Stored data
§
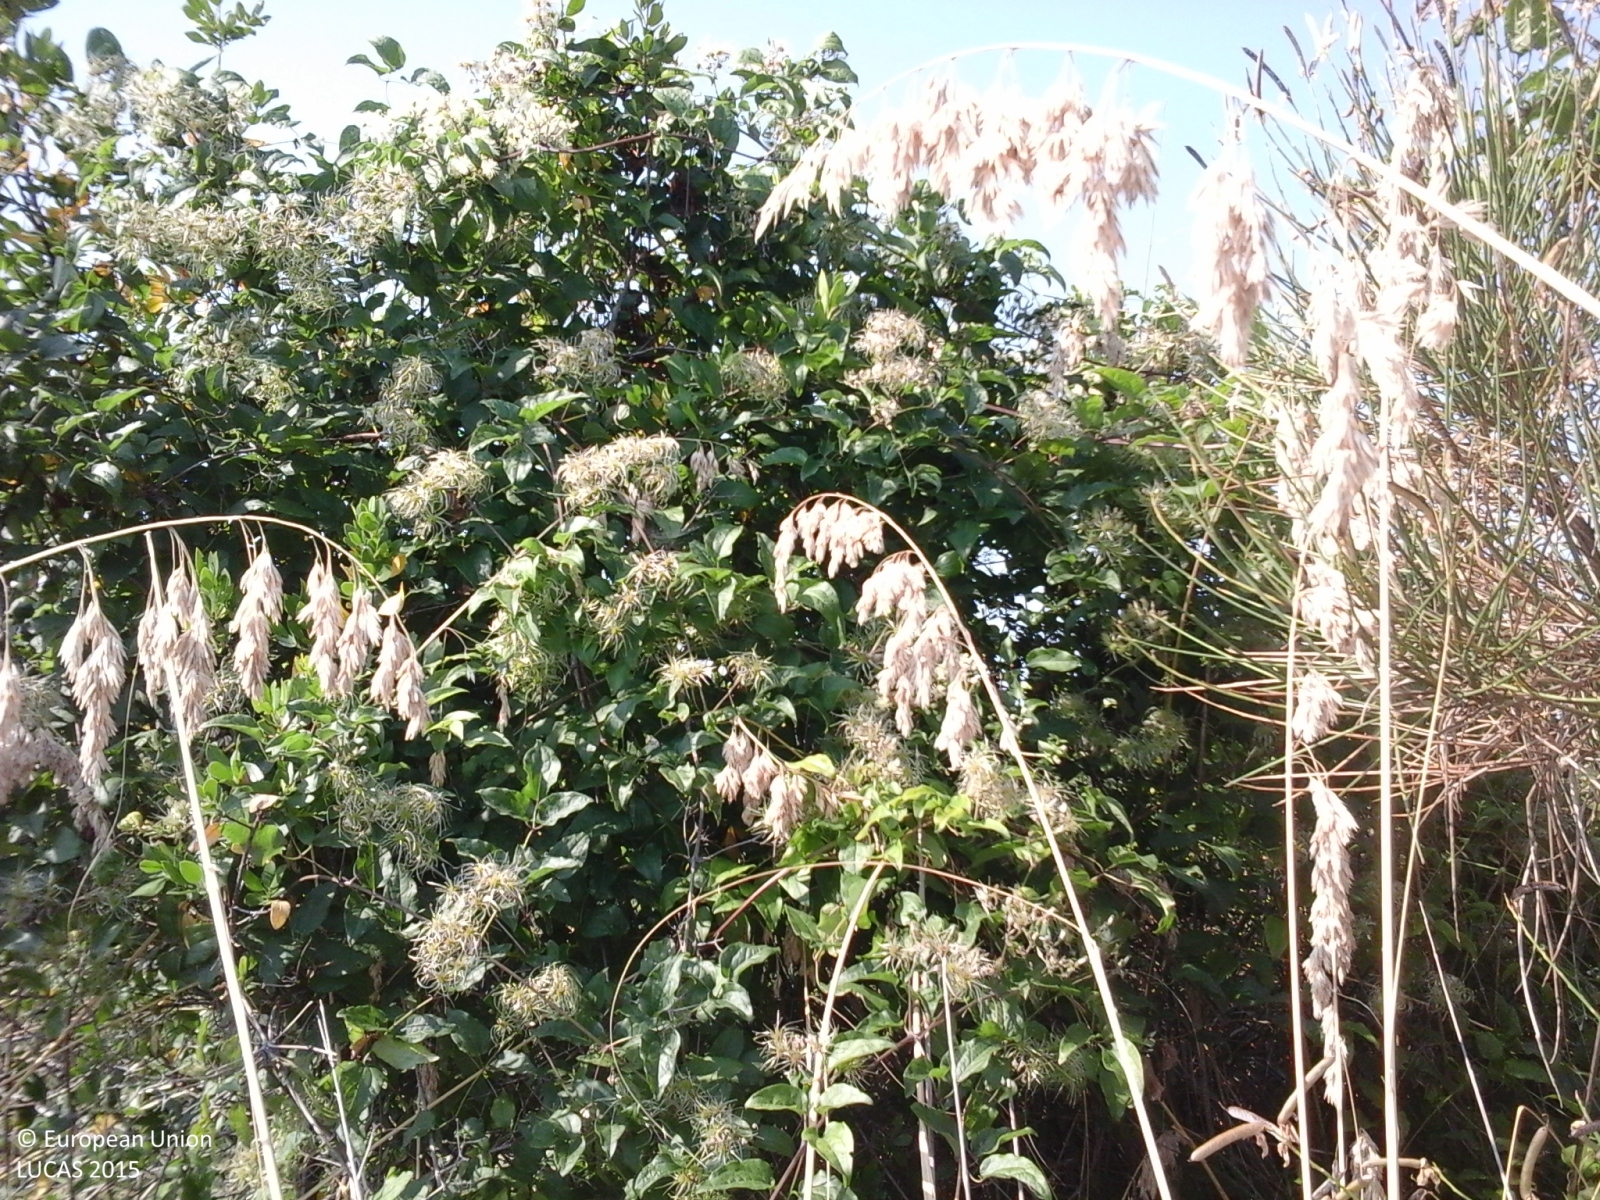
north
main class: Shrubland
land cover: Shrubland without tree cover
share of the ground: 50 - 75 %
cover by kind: shrubs 95 %, herbaceous plants 5 %
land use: Semi-natural and natural areas not in use
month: July
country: IT
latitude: 43.1065
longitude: 13.8116
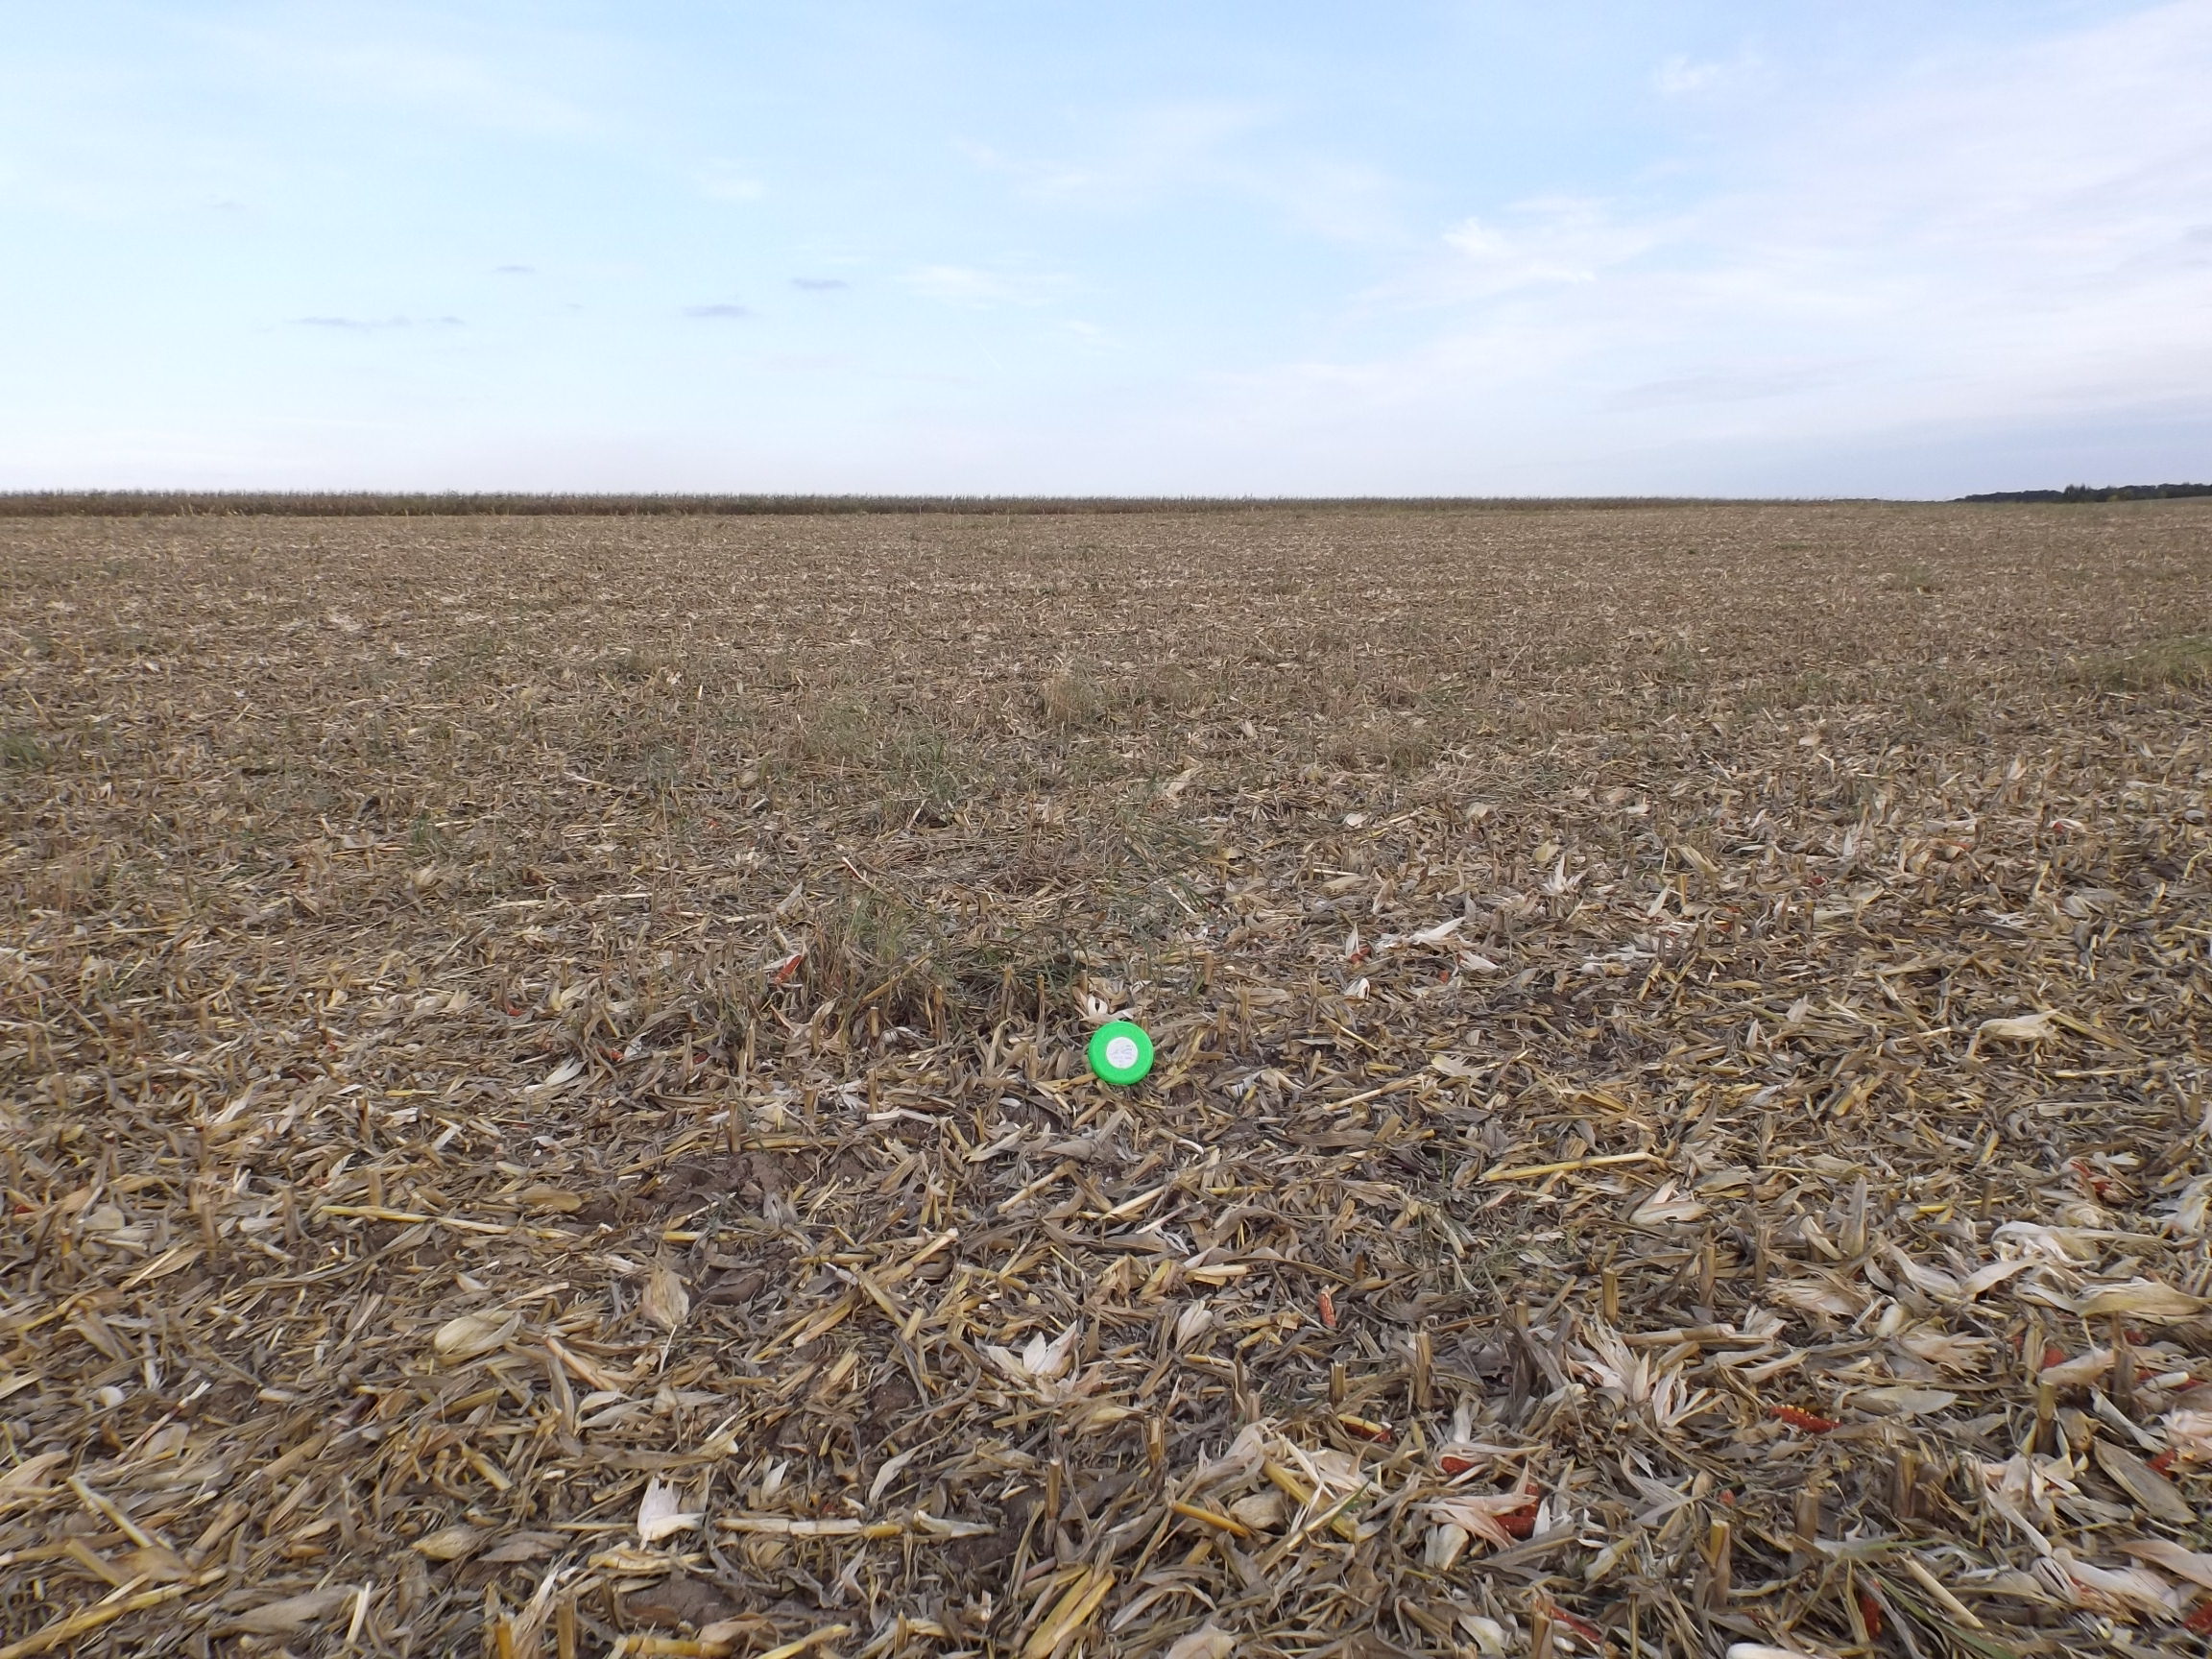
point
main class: Cropland
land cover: Maize
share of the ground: 50 - 75 %
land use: Agriculture (excluding fallow land and kitchen gardens)
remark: Harvested field
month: October
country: BG
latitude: 43.9572
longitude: 26.8297
§
Write out the data above exactly, minus any images.

## [Written solution]
north
main class: Shrubland
land cover: Shrubland without tree cover
share of the ground: 50 - 75 %
cover by kind: shrubs 95 %, herbaceous plants 5 %
land use: Semi-natural and natural areas not in use
month: July
country: IT
latitude: 43.1065
longitude: 13.8116
point
main class: Cropland
land cover: Maize
share of the ground: 50 - 75 %
land use: Agriculture (excluding fallow land and kitchen gardens)
remark: Harvested field
month: October
country: BG
latitude: 43.9572
longitude: 26.8297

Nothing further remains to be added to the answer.